Write out every record in full, keeping each character exactly as it is.

#### Data to use

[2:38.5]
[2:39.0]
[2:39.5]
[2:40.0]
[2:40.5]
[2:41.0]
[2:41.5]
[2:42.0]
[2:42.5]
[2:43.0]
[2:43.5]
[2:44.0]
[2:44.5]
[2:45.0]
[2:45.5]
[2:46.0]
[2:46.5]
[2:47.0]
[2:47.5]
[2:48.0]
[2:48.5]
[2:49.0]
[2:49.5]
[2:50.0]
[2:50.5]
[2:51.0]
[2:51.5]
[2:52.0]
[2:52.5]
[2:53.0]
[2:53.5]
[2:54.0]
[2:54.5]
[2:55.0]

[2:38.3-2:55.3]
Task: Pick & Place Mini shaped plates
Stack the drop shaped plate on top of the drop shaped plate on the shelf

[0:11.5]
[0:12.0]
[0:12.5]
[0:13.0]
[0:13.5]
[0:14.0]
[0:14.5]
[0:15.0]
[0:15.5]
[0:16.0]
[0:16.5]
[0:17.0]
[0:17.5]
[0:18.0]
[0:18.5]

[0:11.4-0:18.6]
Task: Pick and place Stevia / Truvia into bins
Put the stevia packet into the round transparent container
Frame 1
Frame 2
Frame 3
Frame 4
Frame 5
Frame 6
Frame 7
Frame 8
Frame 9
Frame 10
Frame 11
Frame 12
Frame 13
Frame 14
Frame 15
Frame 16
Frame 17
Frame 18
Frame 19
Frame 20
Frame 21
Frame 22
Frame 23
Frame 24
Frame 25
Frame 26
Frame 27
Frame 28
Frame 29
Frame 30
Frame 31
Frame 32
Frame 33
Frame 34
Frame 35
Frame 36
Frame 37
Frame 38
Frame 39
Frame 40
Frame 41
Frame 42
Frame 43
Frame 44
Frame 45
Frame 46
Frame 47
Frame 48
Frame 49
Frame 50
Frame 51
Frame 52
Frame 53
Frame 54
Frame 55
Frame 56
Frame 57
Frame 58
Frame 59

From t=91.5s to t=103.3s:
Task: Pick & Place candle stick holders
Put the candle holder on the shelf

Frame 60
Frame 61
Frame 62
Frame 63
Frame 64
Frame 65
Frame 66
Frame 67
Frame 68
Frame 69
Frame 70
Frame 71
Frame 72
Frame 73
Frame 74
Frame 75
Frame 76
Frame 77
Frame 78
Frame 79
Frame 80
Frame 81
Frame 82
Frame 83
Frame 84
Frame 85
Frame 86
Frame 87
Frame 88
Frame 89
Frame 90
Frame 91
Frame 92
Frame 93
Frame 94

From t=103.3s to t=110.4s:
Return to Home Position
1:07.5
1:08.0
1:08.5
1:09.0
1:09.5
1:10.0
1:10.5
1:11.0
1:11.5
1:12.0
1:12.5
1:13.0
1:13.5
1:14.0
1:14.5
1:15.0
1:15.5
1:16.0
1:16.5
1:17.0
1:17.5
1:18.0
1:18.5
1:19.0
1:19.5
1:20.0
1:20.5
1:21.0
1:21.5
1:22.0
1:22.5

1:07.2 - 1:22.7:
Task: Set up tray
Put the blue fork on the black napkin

########

# [Written solution]
[2:38.5]
[2:39.0]
[2:39.5]
[2:40.0]
[2:40.5]
[2:41.0]
[2:41.5]
[2:42.0]
[2:42.5]
[2:43.0]
[2:43.5]
[2:44.0]
[2:44.5]
[2:45.0]
[2:45.5]
[2:46.0]
[2:46.5]
[2:47.0]
[2:47.5]
[2:48.0]
[2:48.5]
[2:49.0]
[2:49.5]
[2:50.0]
[2:50.5]
[2:51.0]
[2:51.5]
[2:52.0]
[2:52.5]
[2:53.0]
[2:53.5]
[2:54.0]
[2:54.5]
[2:55.0]

[2:38.3-2:55.3]
Task: Pick & Place Mini shaped plates
Stack the drop shaped plate on top of the drop shaped plate on the shelf

[0:11.5]
[0:12.0]
[0:12.5]
[0:13.0]
[0:13.5]
[0:14.0]
[0:14.5]
[0:15.0]
[0:15.5]
[0:16.0]
[0:16.5]
[0:17.0]
[0:17.5]
[0:18.0]
[0:18.5]

[0:11.4-0:18.6]
Task: Pick and place Stevia / Truvia into bins
Put the stevia packet into the round transparent container
Frame 1
Frame 2
Frame 3
Frame 4
Frame 5
Frame 6
Frame 7
Frame 8
Frame 9
Frame 10
Frame 11
Frame 12
Frame 13
Frame 14
Frame 15
Frame 16
Frame 17
Frame 18
Frame 19
Frame 20
Frame 21
Frame 22
Frame 23
Frame 24
Frame 25
Frame 26
Frame 27
Frame 28
Frame 29
Frame 30
Frame 31
Frame 32
Frame 33
Frame 34
Frame 35
Frame 36
Frame 37
Frame 38
Frame 39
Frame 40
Frame 41
Frame 42
Frame 43
Frame 44
Frame 45
Frame 46
Frame 47
Frame 48
Frame 49
Frame 50
Frame 51
Frame 52
Frame 53
Frame 54
Frame 55
Frame 56
Frame 57
Frame 58
Frame 59

From t=91.5s to t=103.3s:
Task: Pick & Place candle stick holders
Put the candle holder on the shelf

Frame 60
Frame 61
Frame 62
Frame 63
Frame 64
Frame 65
Frame 66
Frame 67
Frame 68
Frame 69
Frame 70
Frame 71
Frame 72
Frame 73
Frame 74
Frame 75
Frame 76
Frame 77
Frame 78
Frame 79
Frame 80
Frame 81
Frame 82
Frame 83
Frame 84
Frame 85
Frame 86
Frame 87
Frame 88
Frame 89
Frame 90
Frame 91
Frame 92
Frame 93
Frame 94

From t=103.3s to t=110.4s:
Return to Home Position
1:07.5
1:08.0
1:08.5
1:09.0
1:09.5
1:10.0
1:10.5
1:11.0
1:11.5
1:12.0
1:12.5
1:13.0
1:13.5
1:14.0
1:14.5
1:15.0
1:15.5
1:16.0
1:16.5
1:17.0
1:17.5
1:18.0
1:18.5
1:19.0
1:19.5
1:20.0
1:20.5
1:21.0
1:21.5
1:22.0
1:22.5

1:07.2 - 1:22.7:
Task: Set up tray
Put the blue fork on the black napkin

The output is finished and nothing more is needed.